Наводчики продолжали рыскать по училищу, разыскивая уклонистов. Не было никакой уверенности, что они не догадаются заглянуть в мое убежище. Кроме того, стоять там было довольно неудобно, и у меня уже порядком затекли ноги.
Поэтому я решил выбраться из учаги. Но, разумеется, не через главный вход, а через черный, которым длительное время уже никто не пользовался. Он находился под лестницей в крохотной комнатке с тремя дверями. Войдя из коридора первого этажа в одну из них, я оказался в темном и тесном помещении.
Рядом со входной дверью располагалась вторая, ведущая в подвал. На ней присутствовал внушительный замок, и поэтому никакого интереса она для меня не представляла.
Оставшаяся дверь обычно всегда была завалена грудой носилок, лопат и наполовину поломанных метел. Но в этот день весь хлам был отодвинут от двери и разбросан по всему полу. Пару раз споткнувшись то ли об грабли, то ли об лопату я пробился к двери. Она не была заперта - тоненькая полоска дневного света проникала в щель между створками. Я потянул за плохо прибитую ручку и дверь со скрипом открылась.
Выход вел на спортплощадку. На ней никого не наблюдалось - мне все-таки удалось ловко выкрутиться. Я осторожно выбрался на свежий воздух и спокойно, как подобает солидному человеку, зашагал по направлению к дырке в заборе.
- Э, пацан, стой! - фраза, подобно молотку ударила в голову. Я чуть развернулся вправо. Со скамейки в кустах поднялись три парня и, не спеша, направились ко мне.
- Подойди-ка сюда, - позвал один из них.
Э нет, ребята. Я хорошо знал, что им было нужно, и поэтому ускоренно рванул, но не к дырке, где в спешке можно накрепко застрять, а к проходу, ведущему к воротам учаги, которые выходили на оживленную улицу.
Надо заметить, что ребята бегали хорошо и по физкультуре у них, наверняка, стояли одни пятерки. Они без проблем догнали меня у ворот, но мне все же удалось выскользнуть на улицу. Там они кольцом обступили меня, прижав к забору.
- Ну, пацан, на хрена ты бежал, а? - поинтересовался один из них, самый высокий. На нем была красивая темно-синяя болоньевая куртка, на которой повсюду были рассыпаны золотистые заклепки и кнопки. На каждой аккуратно черным цветом был выдавлен орел и надпись "Montana". На голове у него находилась спортивная шапка синего цвета с белой полосой, на которой красными буквами значилось "Swix". Серыми стальными глазами он бесстрастно разглядывал меня и, видимо, ждал ответа.

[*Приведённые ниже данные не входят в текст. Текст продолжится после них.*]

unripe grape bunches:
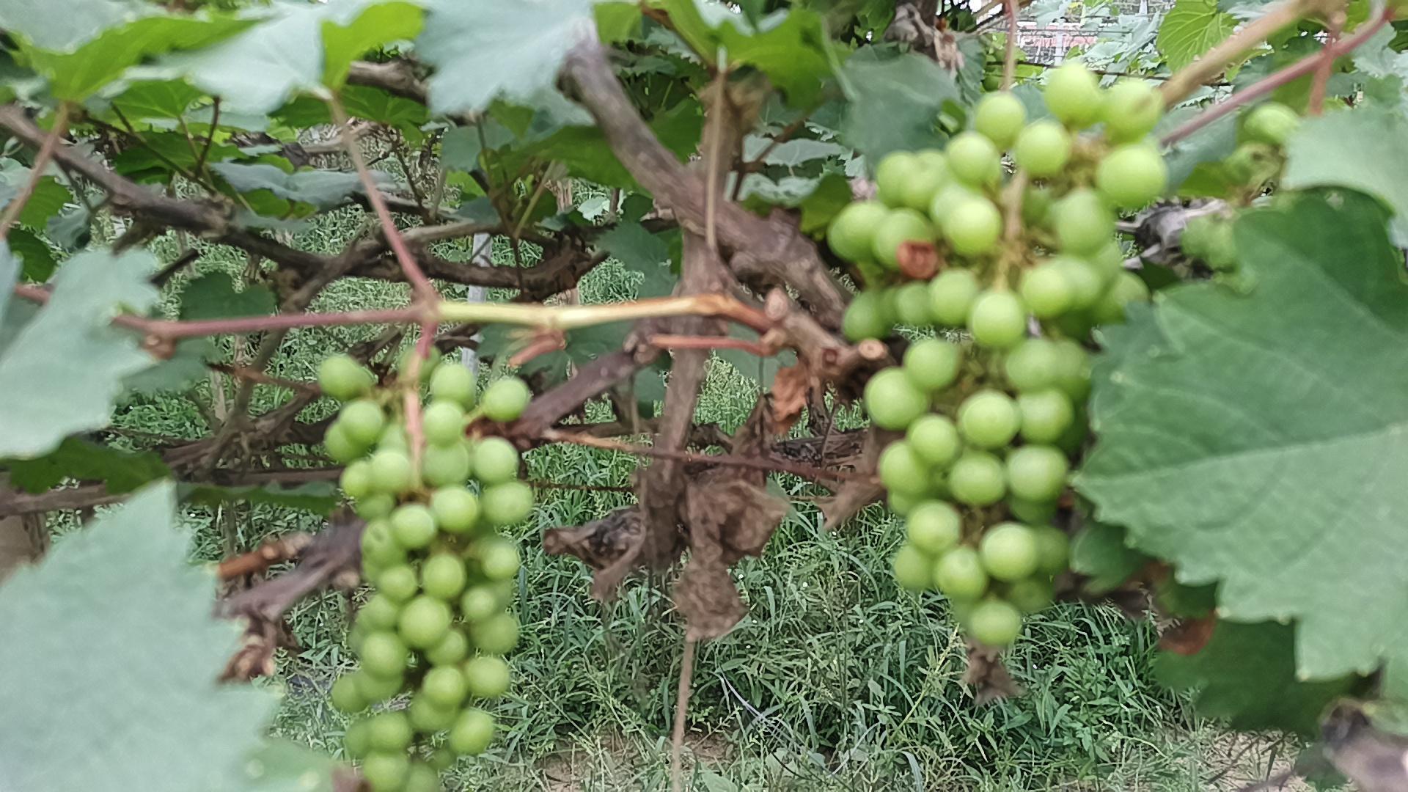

- Ну ты, козел. Мы что бегать за тобой должны? - вступил в разговор второй. Он был одет поскромнее: в затертую кожаную куртку и спортивные штаны, судя по угловатой, размашистой надписи, кооперативного производства.
- Чего, мразь, молчишь? Щас дам в хлеборезку, мигом язык вывалиться, пообещал третий парень в фирменном спортивном костюме и жокейке, что никак не вязалась с довольно прохладной погодой.
Высокий решил вернуться к основной теме нашего разговора:
- Воздух есть? Давай сюда! Ну, живо!
- Ка-акой воздух? - не понял я.
- Вот тормоз! Ну фишки, бабки.
- Нету! - решил схитрить я и рванулся сквозь кольцо.
Чувствительный удар в грудь остановил меня на месте...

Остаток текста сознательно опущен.